Last Updated : Feb 28, 2019 06:05 PM IST | Source:

Evening Walk Down D-Street: Nifty closes lower in Feb series; Here’s why ‘HRITHIK’ stocks are losing mojo

Options band signifies a broader trading range of the March series in between 10585 to 11118 zones and requires a range breakout to start the next leg of the rally, suggest experts.

Kshitij Anand @kshanand

What started off as a roaring Thursday ended up as a volatile one as both Sensex and Nifty shed gains and closed below their respective support levels. The S&P BSE Sensex gave up 36,000 while the Nifty50 closed below 10800 towards the close of the trade.

The Nifty50 index closed 0.35 percent lower in February series with rollovers seen at 58 percent (provisional) at 4 PM. The Nifty Future 3-month average rollover stands at 68 percent, data showed.

The good news is that foreign institutional investors (FII’s) net cash flow remained positive for February which was negative 7 out of last 12 months, but Indo-Pak tension is likely to keep the market volatile in March series as well.

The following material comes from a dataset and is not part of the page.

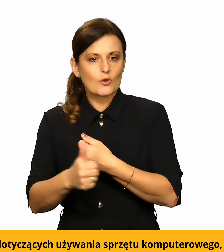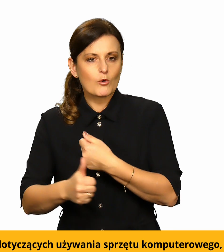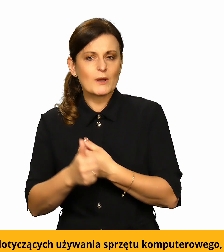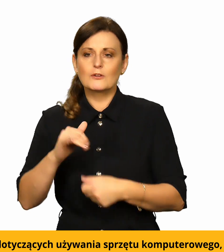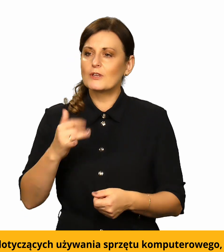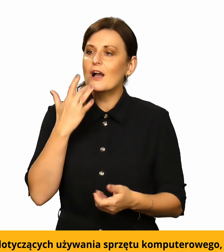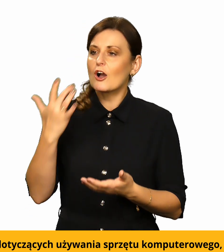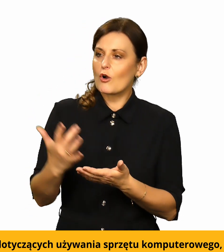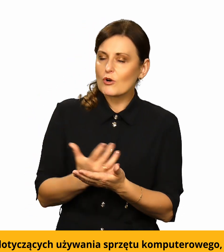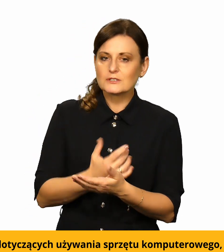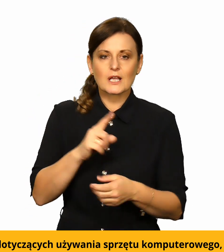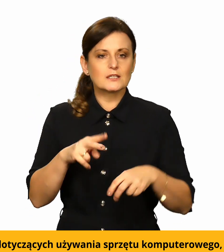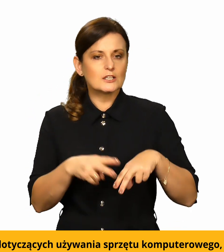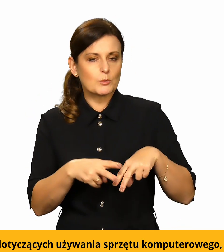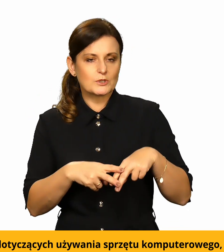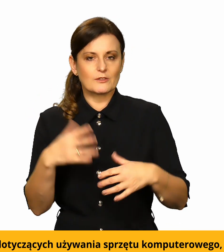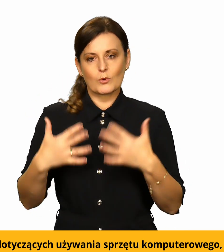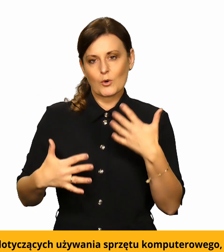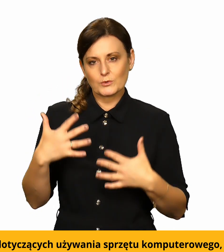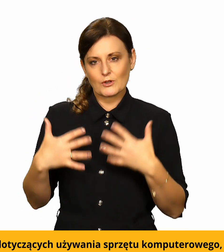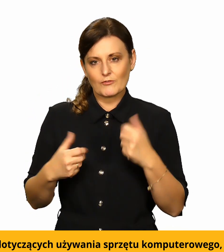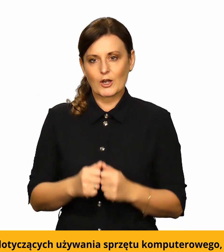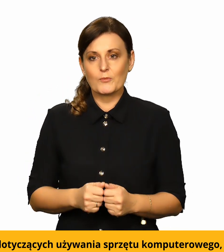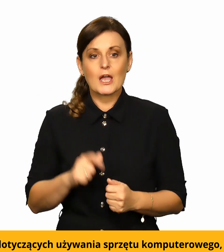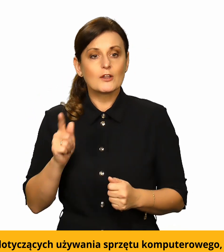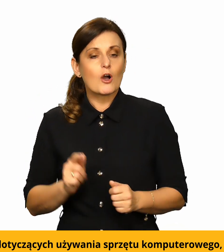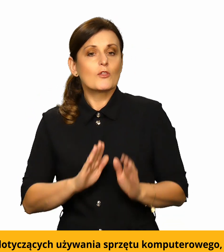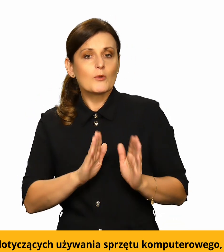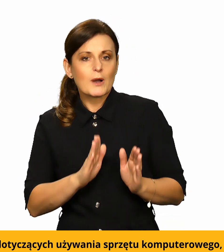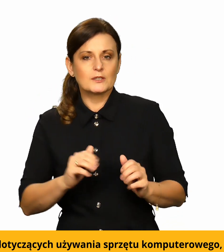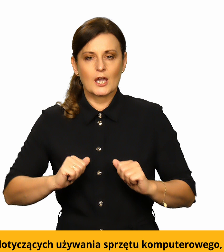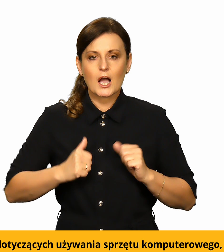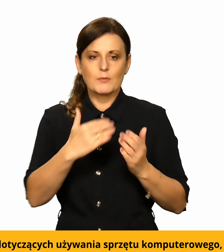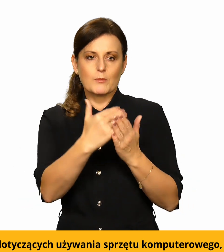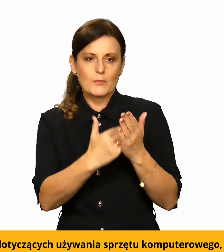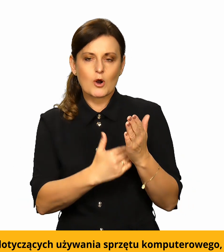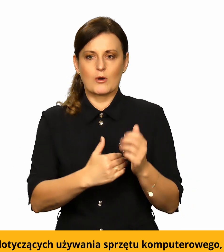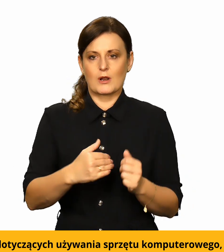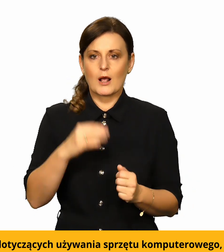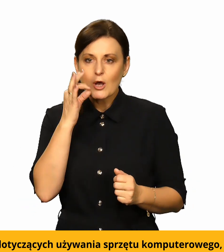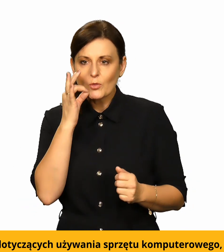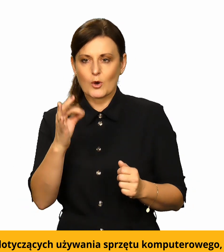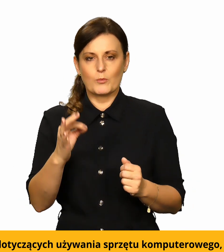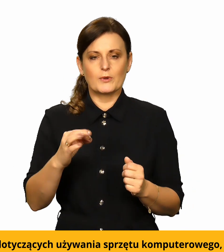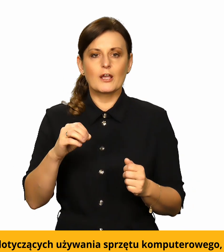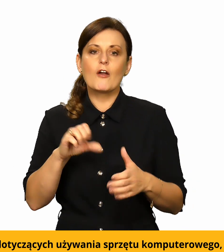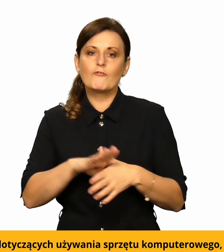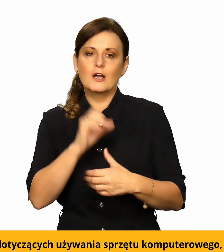używania sprzętu komputerowego, dbanie o legalność oprogramowania używanego w starostwie,

Indian market started the day on a positive note despite negative global cues but shed most of its gains in the last hour of the trading sessions.

The final tally on D-Street – the S&P BSE Sensex closed 37.99 points lower at 35,867 while the Nifty50 ended at 10,792, down 14 points.

Asian markets remained under pressure as a dent in the recent optimism between US-Sino relations, talks between Trump-Kim at the Vietnam summit ended abruptly with no agreement along with domestic tensions with Pakistan weighed on the sentiment of investors.

At the same time, we are also looking at the resilience of Indian markets which is a positive sign. But, one big trend which is emerging is that interest is slowly moving out of ‘HRITHIK’ stocks which stands for HDFC, RIL, Infosys, TCS, HUL IndusInd Bank, and Kotak Mahindra Bank, suggest experts.

“There is a clear shift from ‘HRITHIK’ stocks ti names where we have seen massive destruction of up to 40-50 percent within the large-cap basket which include names like Ashok Leyland, BEL, LIC Housing Finance or Motherson Sumi. We are seeing meaningful recovery coming in these stocks,” Ashish Chaturmohta, Head of Technical and Derivatives at Sanctum Wealth Management told Moneycontrol.

“It looks like the trend is slowly shifting towards Nifty Junior or Nifty Next 50. If Nifty has to witness a breakout then we need contribution from RIL, HDFC twins and IT. But, the trend is slowly shifting to non-Nifty names where investors now have the option to create alpha,” he said.

India VIX fell down by 3.29 percent at 18.27 levels. VIX has to cool down below 16-15 zones to get the smooth ride in the market else restricted upside could continue to keep the pressure on the market.

Since it is the beginning of a new series Option data is scattered at various strikes. However, maximum Put OI is placed at 10600 followed by 10700 strikes while maximum Call OI is seen at 11000 followed by 10900 strikes.

Options band signifies a broader trading range of the March series in between 10585 to 11118 zones and requires a range breakout to start the next leg of the rally, suggest experts.

Stocks in news

Sugar stocks gained after Iran decided to buy raw sugar for the first time in the last five years.

ARSS Infrastructure Projects rose 5 percent on bagging work order worth Rs 429 crore from National Highways & Infrastructure Development Corporation.

Odisha Cement shares plunged 4 percent after illegal transfer of MF units worth Rs 344 crore by Depository Participant (DP) from the demat account held by its subsidiaries, OCL India and Dalmia Cement East.

Vascon Engineers gained more than 9 percent after the company received order worth Rs 83.52 crore.

Ramco System shares rallied nearly 4 percent after the beginning of a seven-year deal with Canadian logistics services provider.

Global Updates

European indices were mostly lower on Thursday, as US President Donald Trump and Kim Jong Un in Hanoi ended their talk without an agreement.

Asian markets also ended lower post-Trump-Kim summit is cut short without agreement. Kospi was down 1.76 percent to close at 2,195.44, while Shanghai Composite declined 0.44 percent to close at 2,940.95

Hang Seng index was down 0.4 percent to end at 28633.18 and Nikkei declined 0.79 percent to 21,385.16.

Disclaimer: The views and investment tips expressed by investment expert on are his own, and not that of the website or its management. advises users to check with certified experts before taking any investment decisions.